Awk: subset of fields as variable with sprint

beca123456 · May 5, 2016, 12:00am

Dear Unix Gurus,

input:

A|1|2|3|4|5
B|1|2|3|4|3
C|1|2|3|4|1
D|1|9|3|4|12

output:

A_(5);B(3);C(1)|1|2|3|4
D_(12)|1|9|3|4

Details:
If $2, $3, $3, $5 are identical, concatenate $1 and associated $NF together in the first field.
But I am trying to do the above by passing the identical fields to a sprintf variable.

With my code below, sprintf variable write all the fields on a new line, so I assume it comes from the for loop in the main block, but I don't see what is wrong:

gawk 'BEGIN{FS=OFS="|"; start=2; end=5}{for(i=start; i<=end; i++){var=sprintf("%s%s",$i, i<e ? OFS : "\n")}; common[var] = common[var] (common[var]? ";" : "") $1"_("$NF")"}END{for(j in common){print common[j] OFS j}}' input

RavinderSingh13 · May 5, 2016, 1:08am

Hello beca123456,

Not sure if in output shown A_(5) and D_(12) where _ is required, if not then following may help you in same. If you are not considering the order of the output then following may help you.

awk -F"|" '{XYZ[$2 FS $3 FS $3 FS $4]=XYZ[$2 FS $3 FS $3 FS $4]?XYZ[$2 FS $3 FS $3 FS $4]";"$1"("$NF")":$1"("$NF")"} END{for(i in XYZ){print XYZ FS i}}'  Input_file
OR
awk -F"|" '{Q=$2 FS $3 FS $3 FS $4;XYZ[Q]=XYZ[Q]?XYZ[Q]";"$1"("$NF")":$1"("$NF")"} END{for(i in XYZ){print XYZ FS i}}'  Input_file

Output will be as follows then.

D(12)|1|9|9|3
A(5);B(3);C(1)|1|2|2|3

If you need the correct order in output too as per your Input_file then following may help you in same.
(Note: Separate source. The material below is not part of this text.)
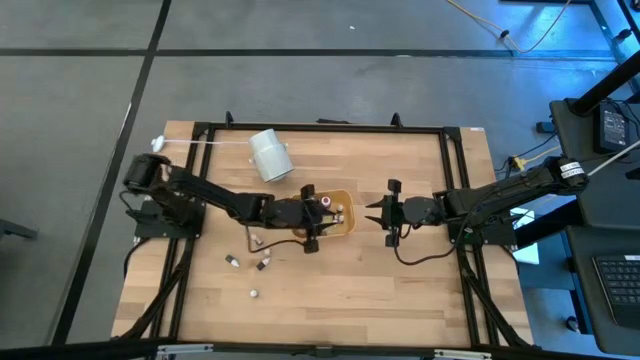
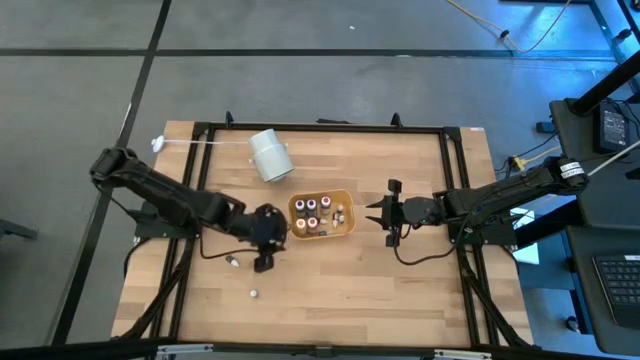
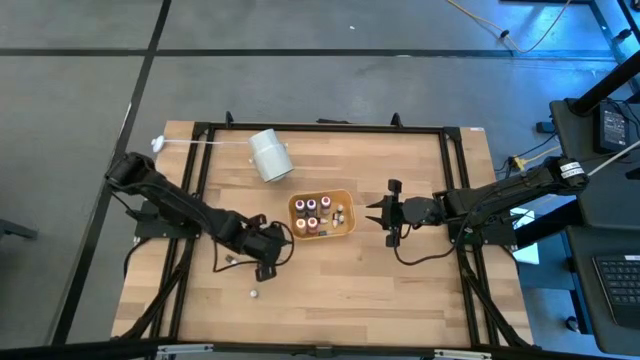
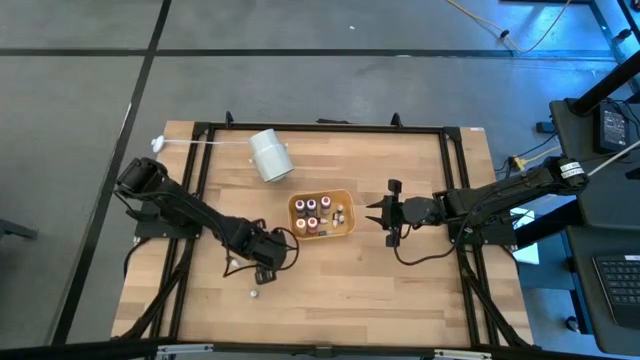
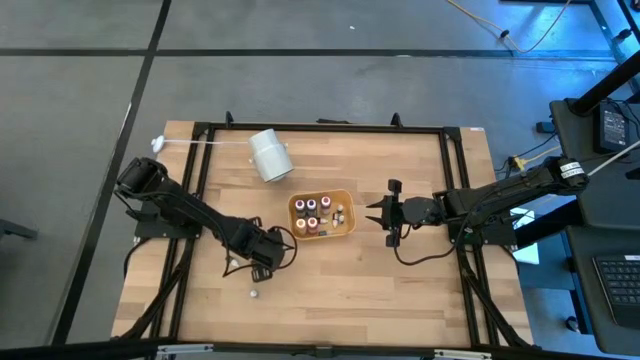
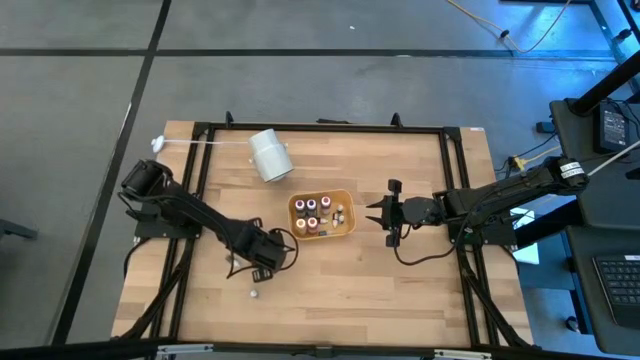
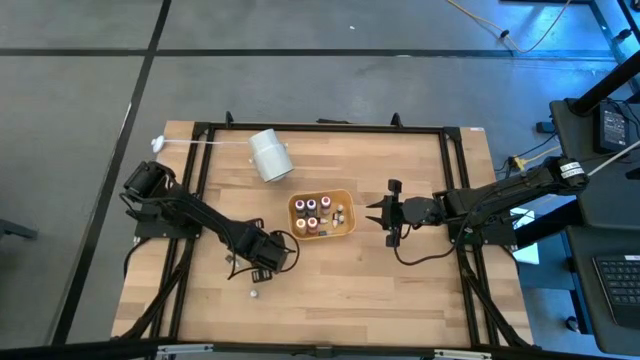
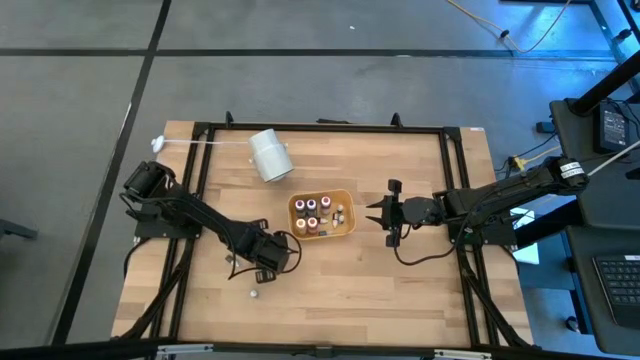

awk -F"|" 'FNR==NR{XYZ[$2 FS $3 FS $4 FS $5]=XYZ[$2 FS $3 FS $4 FS $5]?XYZ[$2 FS $3 FS $4 FS $5]";"$1"("$NF")":$1"("$NF")";next} (($2 FS $3 FS $4 FS $5) in XYZ){print XYZ[$2 FS $3 FS $4 FS $5] OFS $2 FS $3 FS $4 FS $5;delete XYZ[$2 FS $3 FS $4 FS $5]}' Input_file OFS="|" Input_file
OR
awk -F"|" 'FNR==NR{Q=$2 FS $3 FS $4 FS $5;XYZ[Q]=XYZ[Q]?XYZ[Q]";"$1"("$NF")":$1"("$NF")";next} {P=$2 FS $3 FS $4 FS $5} (P in XYZ){print XYZ[P] OFS P;delete XYZ[P]}' Input_file OFS="|"  Input_file

Output will be as follows then.

A(5);B(3);C(1)|1|2|3|4
D(12)|1|9|3|4

If above is not completing your requirements then please show us more Input_file and expected output with more specific details on same, hope this helps you.
EDIT: Adding a non-one liner form of solutions now.

awk -F"|" '{
                XYZ[$2 FS $3 FS $3 FS $4]=XYZ[$2 FS $3 FS $3 FS $4]?XYZ[$2 FS $3 FS $3 FS $4]";"$1"("$NF")":$1"("$NF")"
           }
           END{
                for(i in XYZ){
                                print XYZ FS i
                             }
              }
          ' Input_file
  
 
awk -F"|" 'FNR==NR{
                        Q=$2 FS $3 FS $4 FS $5;
                        XYZ[Q]=XYZ[Q]?XYZ[Q]";"$1"("$NF")":$1"("$NF")";
                        next
                  }
                  {
                        P=$2 FS $3 FS $4 FS $5
                  }
                  (P in XYZ){
                                print XYZ[P] OFS P;
                                delete XYZ[P]
                            }
          ' Input_file OFS="|" Input_file

Thanks,
R. Singh

beca123456 · May 5, 2016, 1:35am

Thanks for your help !

However, the point of my post was to use sprintf to store the identical fields in a variable ($2, $3, $4, $5 here). I need to use sprintf because in my real file there are more than 30 fields that need to be identical between records in order to concatenate the first and last field together.
As I would like to avoid writing the 30 fields, I was thinkingusing a for loop and sprintf

Sorry for the confusion

RudiC · May 5, 2016, 3:07am

Without further commenting on your approach, I can see that in the conditional assignment i<e will always be FALSE as e is undefined thus zero.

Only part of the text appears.